I tend to use const reference parameters when calling functions assuming this would be efficient since copies of the same wouldn't not be made. Accidentally I changed the function parameter in a function that previously had a const reference parameter to const now, and I observed that the code size is reduced upon compilation.

To check this, I looked into the assembly of a MWE :

#include <cstdint>

void foo(const int n)
{
    int a = n + 1;
}

void foo(const int& n)
{
    int a = n + 1;
}

On line 19 of the generated assembly code, I see an additional step ldr r3, [r3] in the case of void foo(const int& n) when compared to void foo(const int n) . I assume this is the reference to variable n (I could be wrong, please forgive me).

So, my question is, why is the code larger when passing via reference and also what method is efficient?

A reference can be understood as something in between a name alias and a pointer.

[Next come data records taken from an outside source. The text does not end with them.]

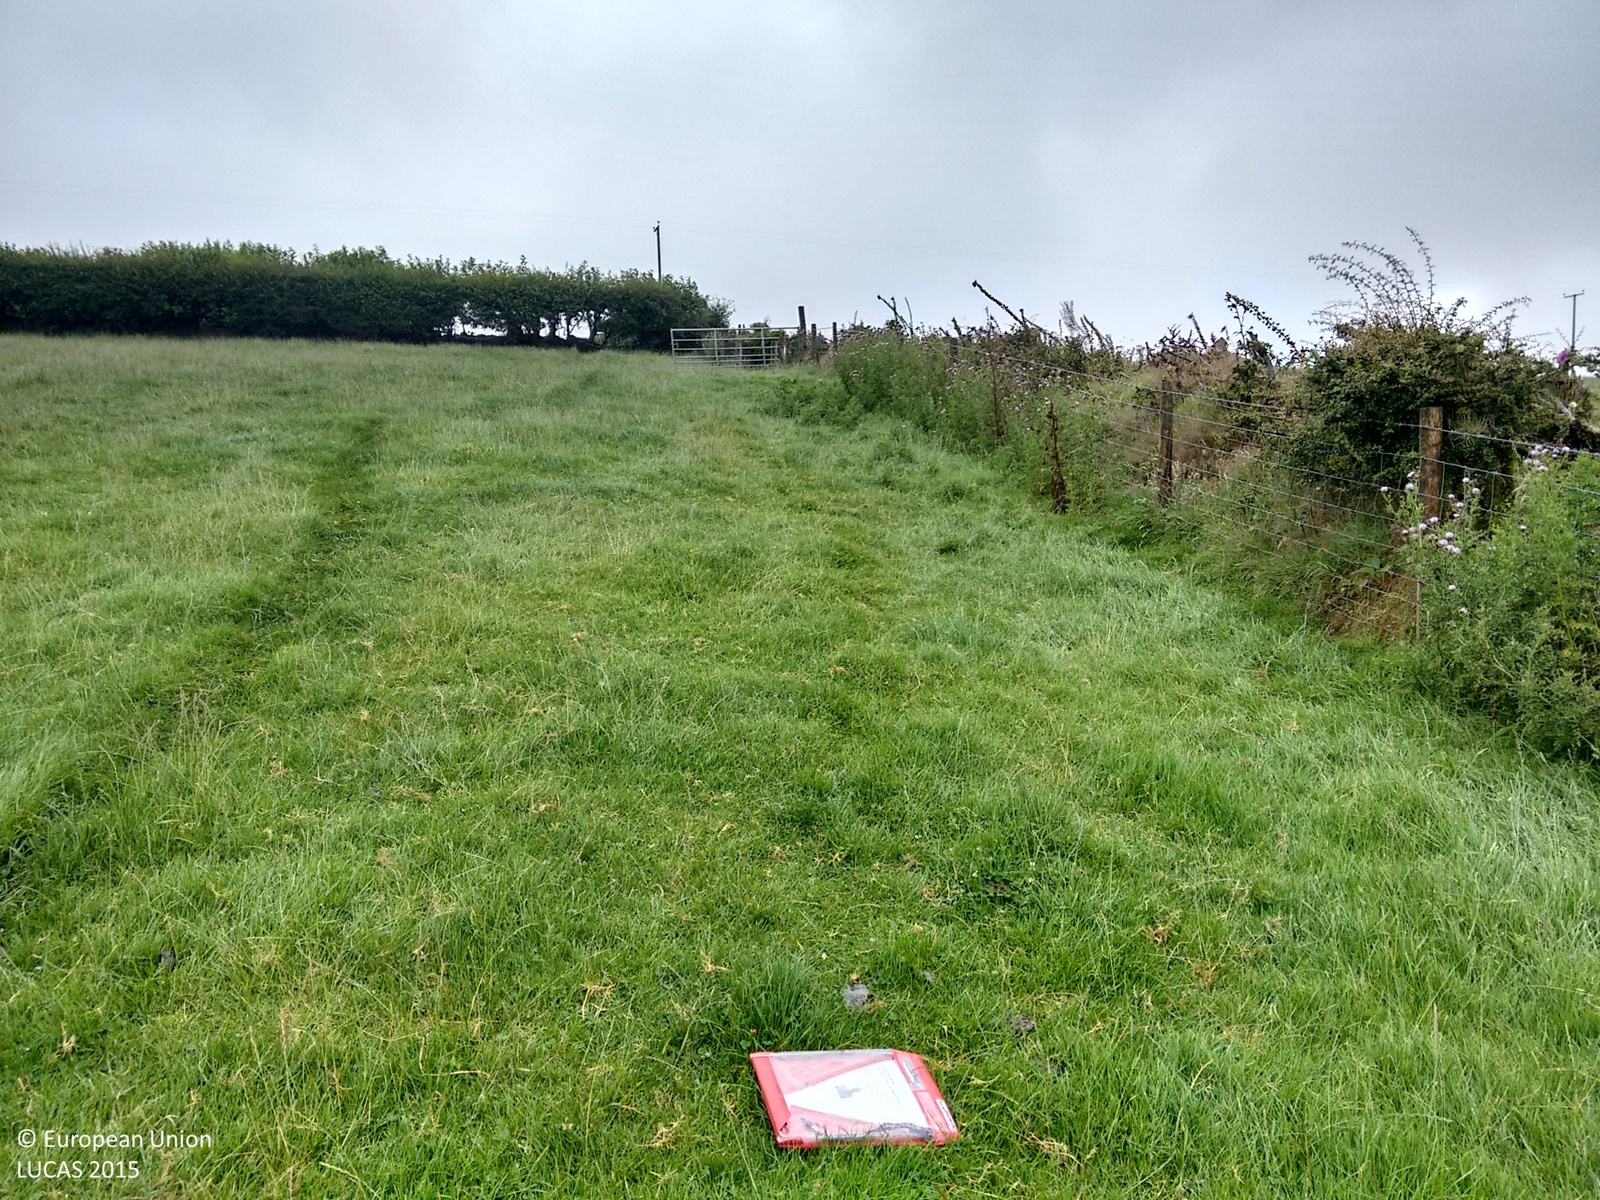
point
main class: Grassland
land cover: Grassland without tree/shrub cover
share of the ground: > 75 %
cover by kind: herbaceous plants 100 %
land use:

From What are the differences between a pointer variable and a reference variable? :

A compiler keeps "references" to variables, associating a name with a memory address. Its job is to translate any variable name to a memory address when compiling. When you create a reference, you only tell the compiler that you assign another name to the pointer variable; that's why references cannot "point to null". A variable cannot be, and not be at the same time. Pointers are variables; they contain the address of some other variable, or can be null. The important thing is that a pointer has a value, while a reference only has a variable that it is referencing.

  • On a 32 bit-machine, a pointer has 4 bytes ( 4*8 = 32 bits) while on a 64-bit machine a pointer has 8 bytes ( 8*8 = 64 bits), because that is the size of a single memory address.

  • On a 32 bit-machine, int , long are each 4 bytes (32 bits) quantities. On most 64-bit systems, long becomes 8 bytes (64 bits), but int remains 32-bit (4 bytes).

[Speaking about primitive types, the size of char is fixed at 1 byte (or CHAR_BIT = 8 bits) explicitly in the C++ standard.]

Given that passing a const reference as function parameter requires the compiler to dig for the memory address of the referenced variable, in case the variable is a primitive type such as int or char the digging in memory ( pointer is 8 bytes) is going to be more expensive than passing the variable itself by value (4 bytes for int , 1 byte for char ).

The question is about the efficiency of parameters passed by const reference . Of course, a function accepting a parameter by non-const reference would have the advantage - unrelated to efficiency - of allowing modifications of the referenced variable to persist, when control goes back to the caller.